Hoje, depois de uma noite de baby-sitting à avó, deparei-me com ESTA notíica sobre um projecto da Associação Alzheimer e não pude deixar de a partilhar.


O papel desta associação, e outras que trabalham no sentido de minimizar os efeitos devastadores da demência na vida das famílias, é essencial.


 Este projecto, em particular, tocou-me já que trababalha com os mais novos.

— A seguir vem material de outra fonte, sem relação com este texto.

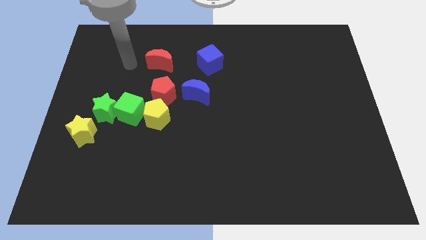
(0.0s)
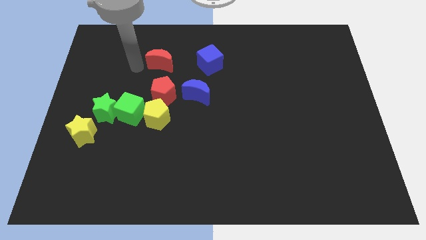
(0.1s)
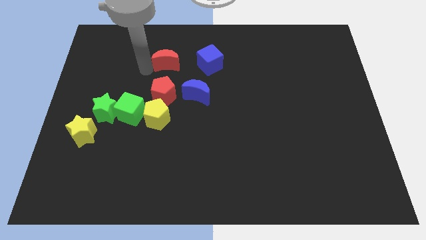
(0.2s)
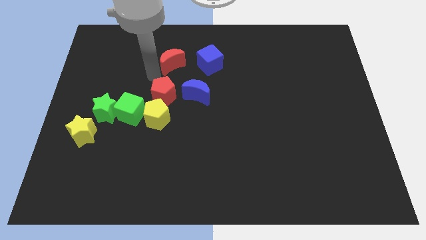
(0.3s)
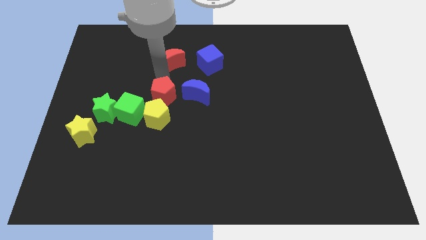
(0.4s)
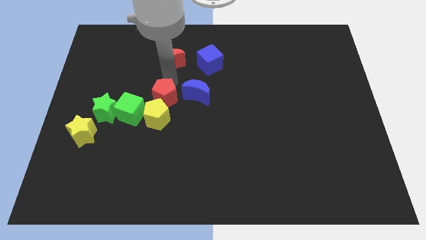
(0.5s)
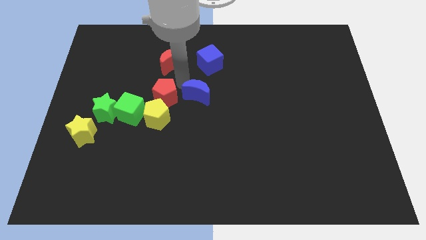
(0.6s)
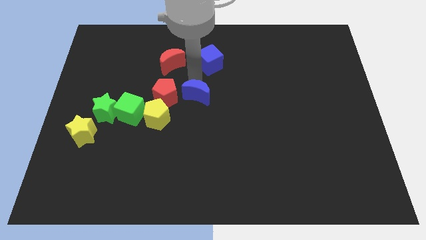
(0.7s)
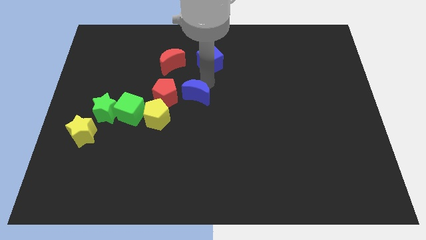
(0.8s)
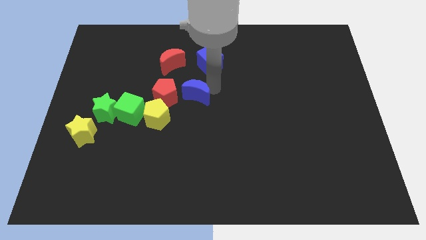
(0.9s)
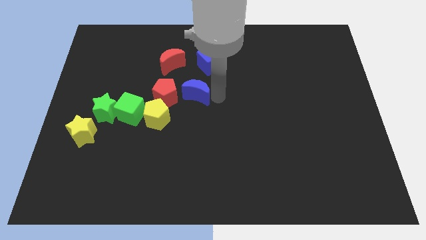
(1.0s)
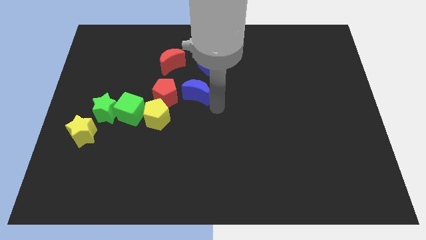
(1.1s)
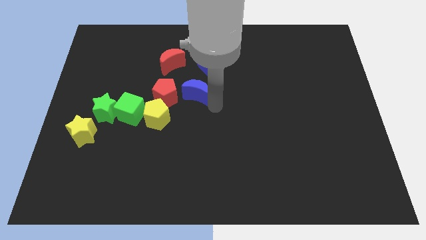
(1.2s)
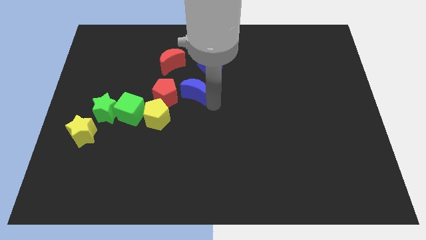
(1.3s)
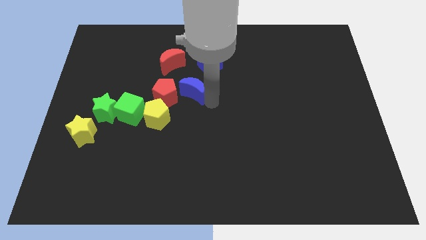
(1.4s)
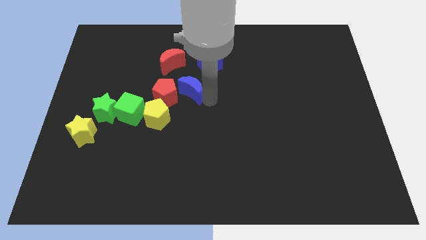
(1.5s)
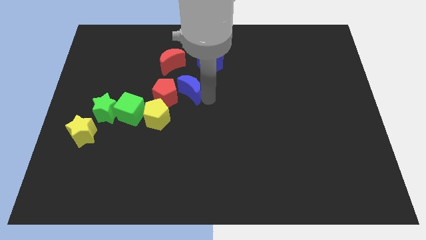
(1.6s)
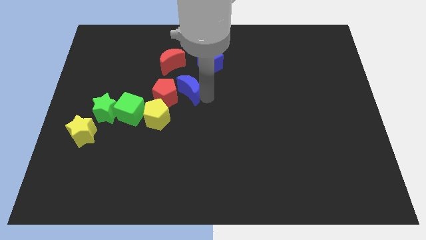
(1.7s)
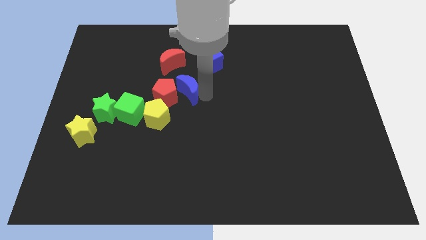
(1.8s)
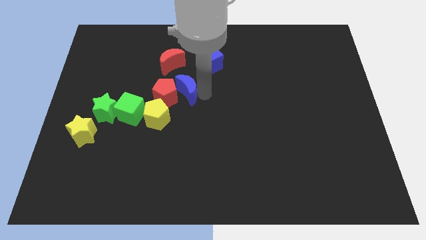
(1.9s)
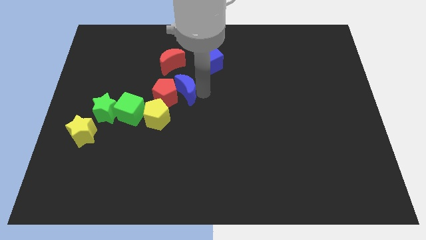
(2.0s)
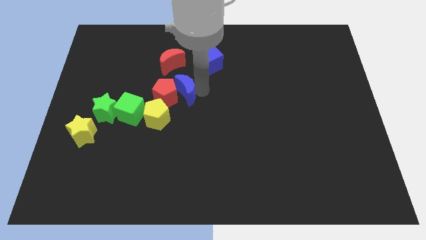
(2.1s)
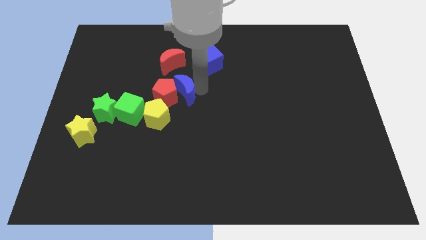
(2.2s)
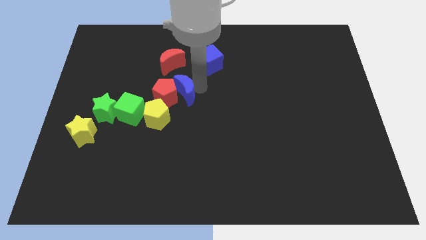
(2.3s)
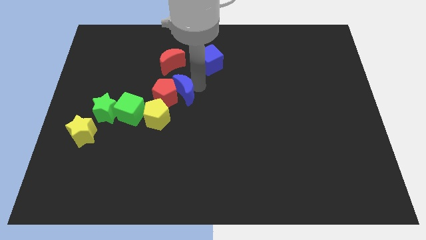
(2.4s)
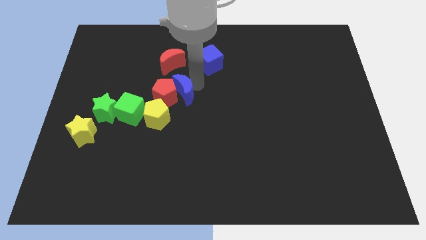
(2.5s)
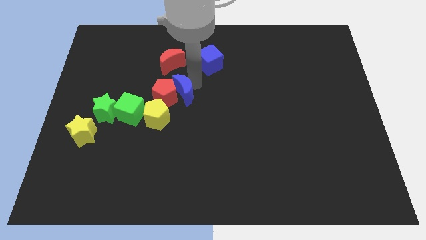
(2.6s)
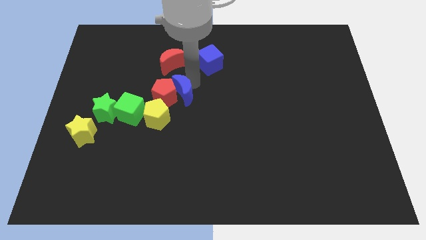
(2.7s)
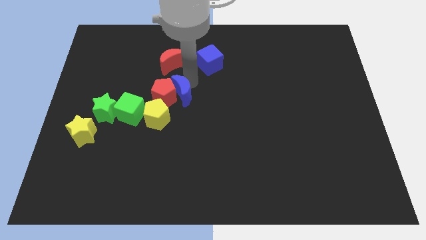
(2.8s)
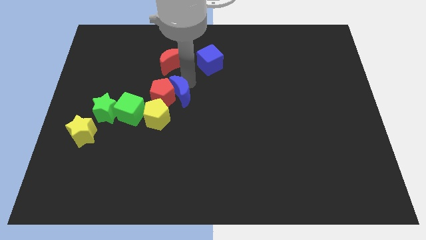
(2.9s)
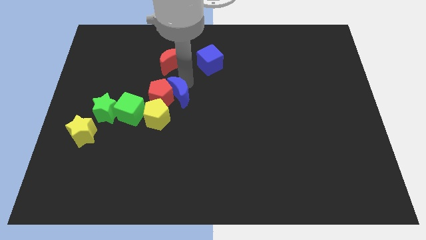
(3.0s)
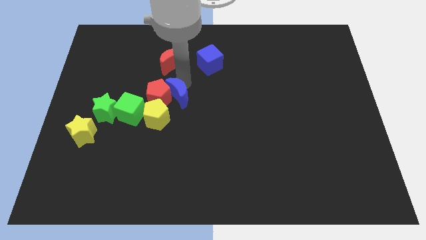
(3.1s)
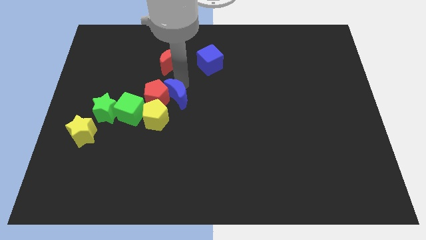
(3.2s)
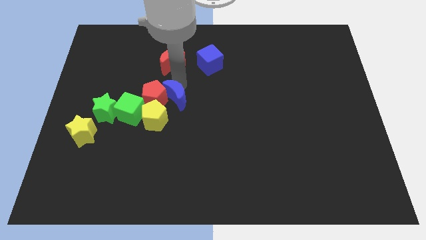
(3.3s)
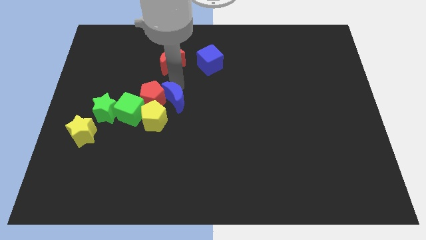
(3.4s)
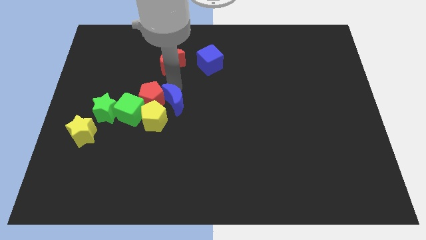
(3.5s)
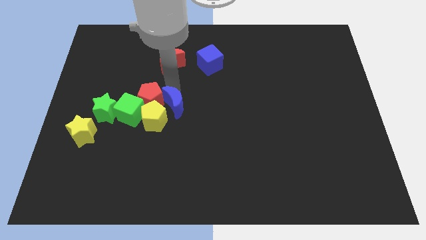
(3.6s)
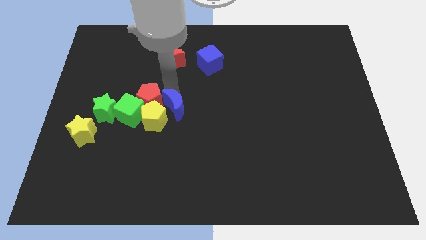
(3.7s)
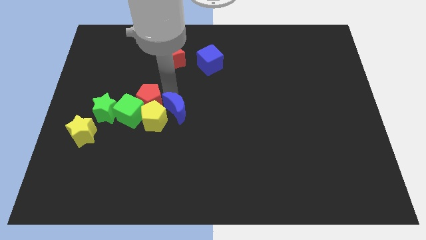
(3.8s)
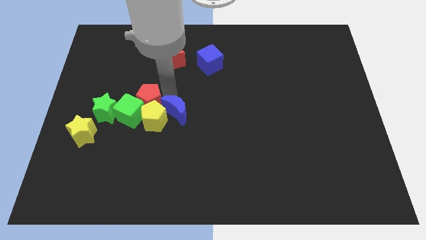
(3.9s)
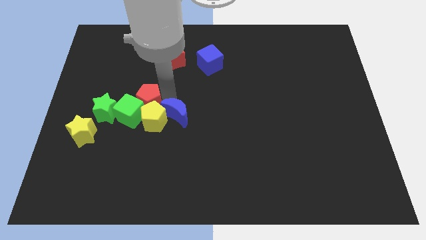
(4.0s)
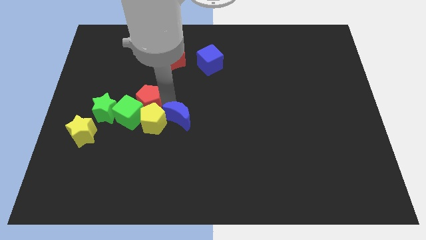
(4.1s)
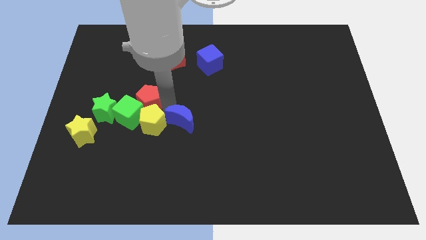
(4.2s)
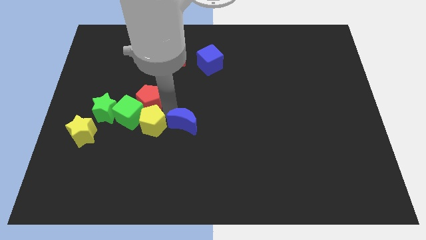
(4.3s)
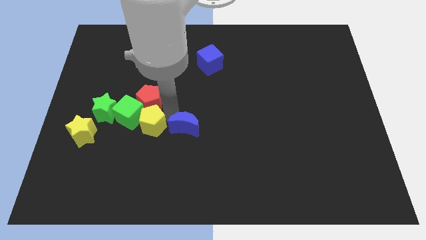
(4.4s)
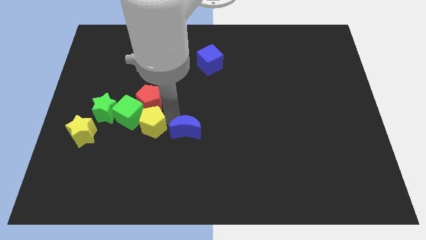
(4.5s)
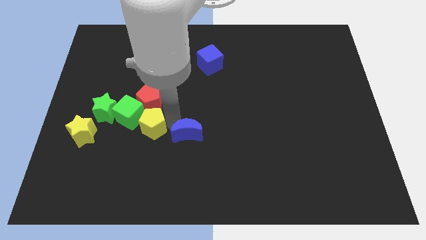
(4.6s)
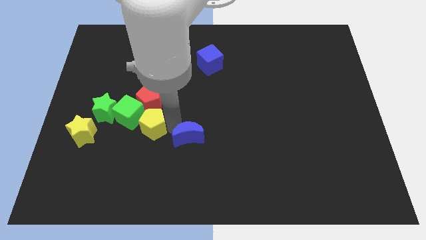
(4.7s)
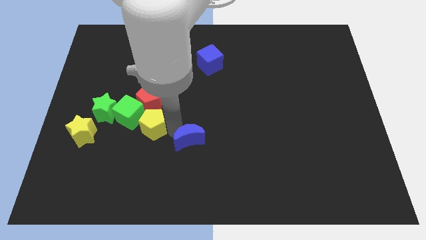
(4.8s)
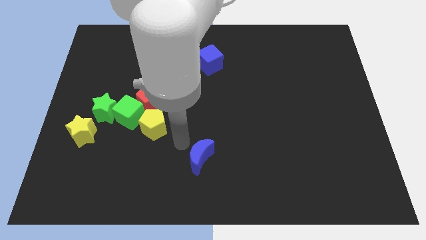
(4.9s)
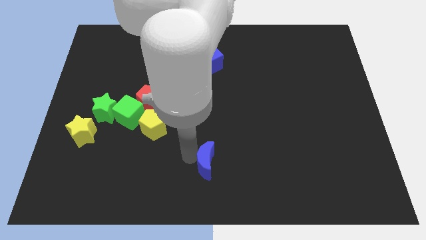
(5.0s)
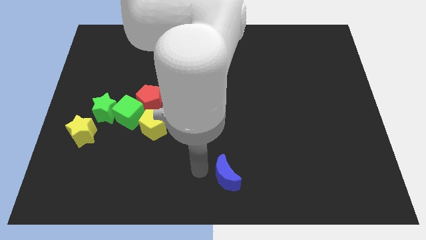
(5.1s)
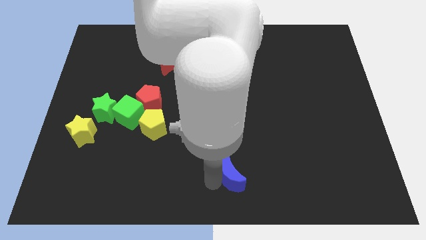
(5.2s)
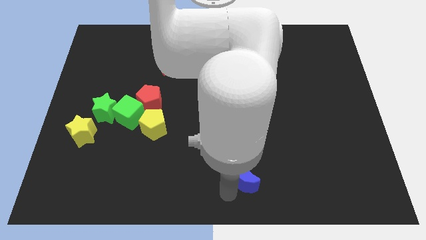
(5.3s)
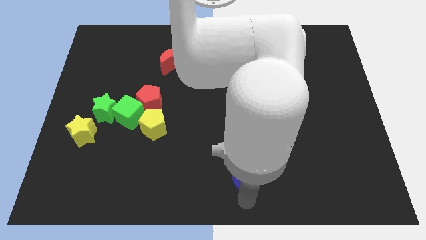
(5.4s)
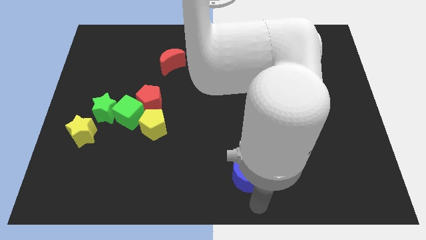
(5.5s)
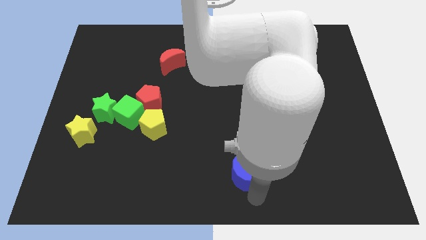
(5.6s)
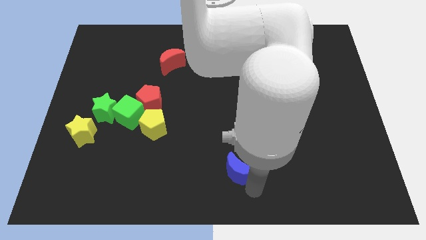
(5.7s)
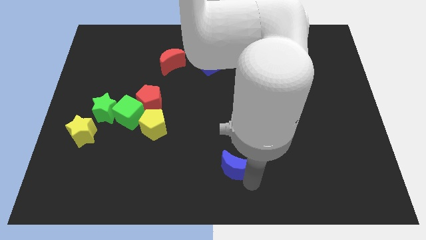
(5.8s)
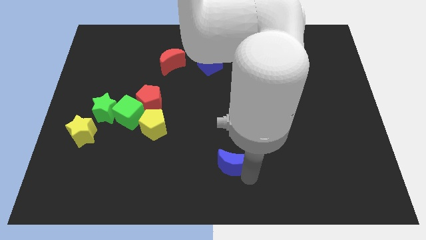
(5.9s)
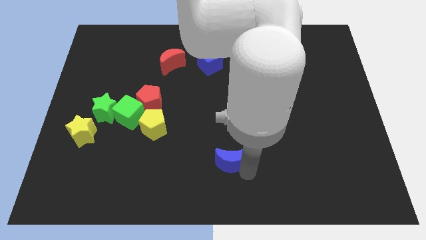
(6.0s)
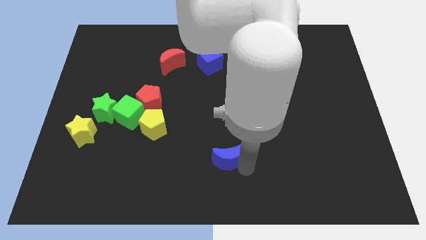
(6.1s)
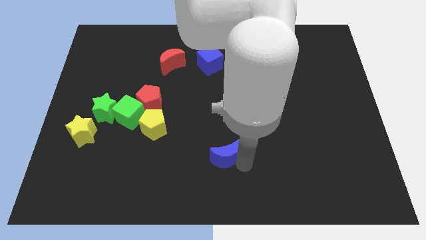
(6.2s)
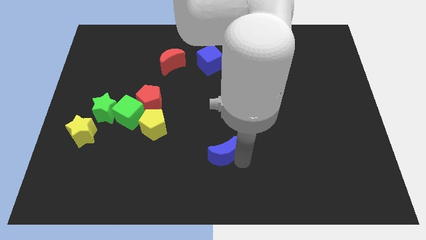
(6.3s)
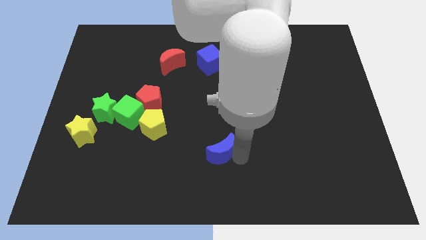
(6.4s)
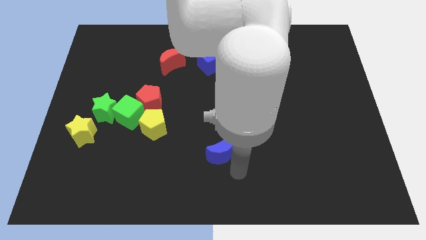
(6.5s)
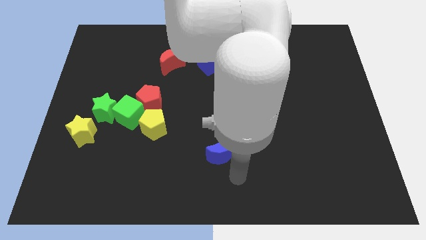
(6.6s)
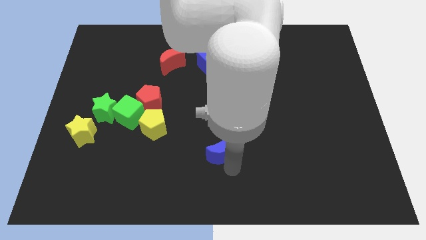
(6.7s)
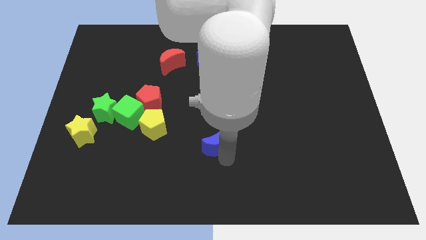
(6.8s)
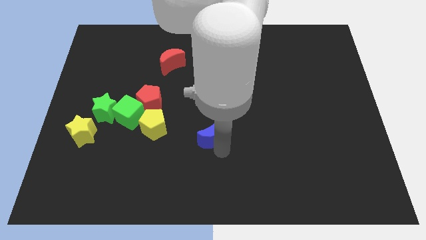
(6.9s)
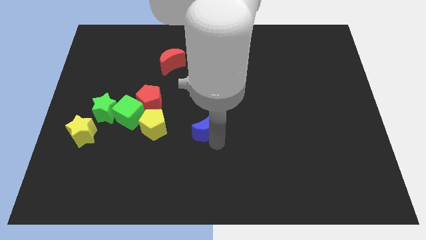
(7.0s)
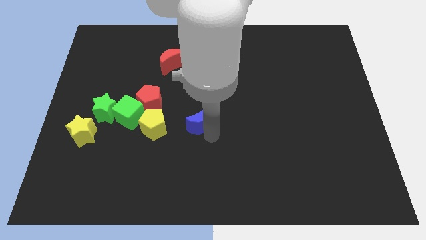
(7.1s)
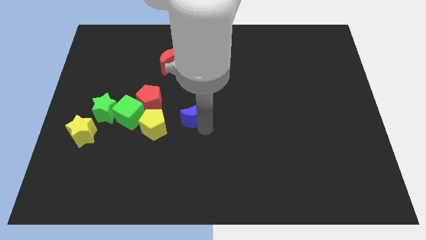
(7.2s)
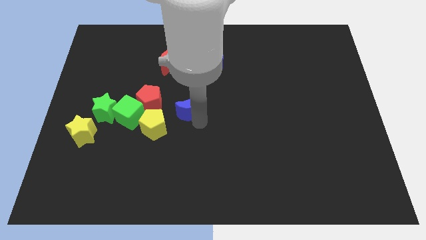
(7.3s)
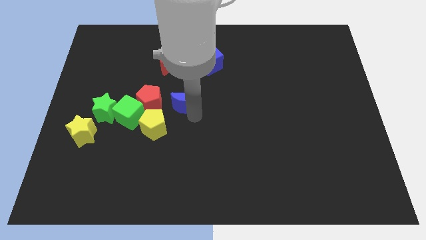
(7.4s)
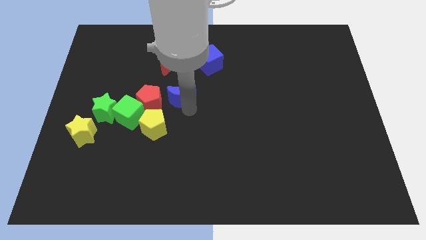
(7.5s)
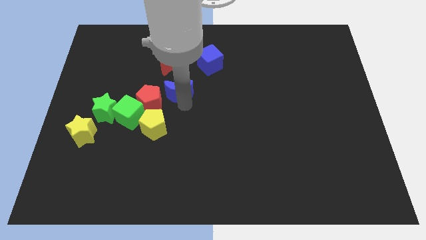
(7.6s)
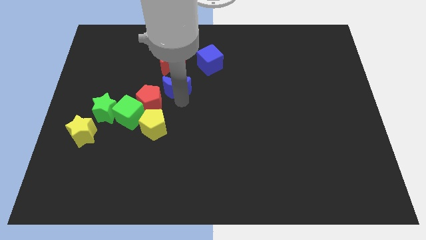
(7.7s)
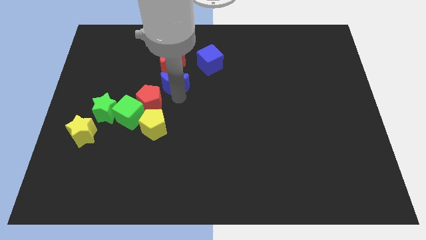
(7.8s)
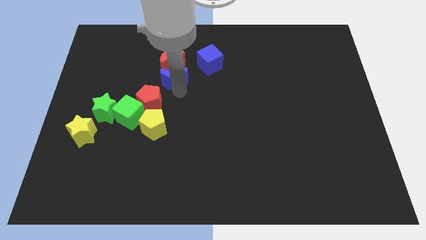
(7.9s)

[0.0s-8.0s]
slide the blue moon up and then to the left slightly

Aqueles que serão os cuidadores e, por isso mesmo, precisam de ser sensibilizados para uma questão tão delicada quanto esta.


As crianças não podem ser arredadas desta realidade e são muito importantes enquanto fonte de estímulo dos pacientes de Alzheimer. Como em tudo o resto, os afectos são a base que sustenta esta caminhada.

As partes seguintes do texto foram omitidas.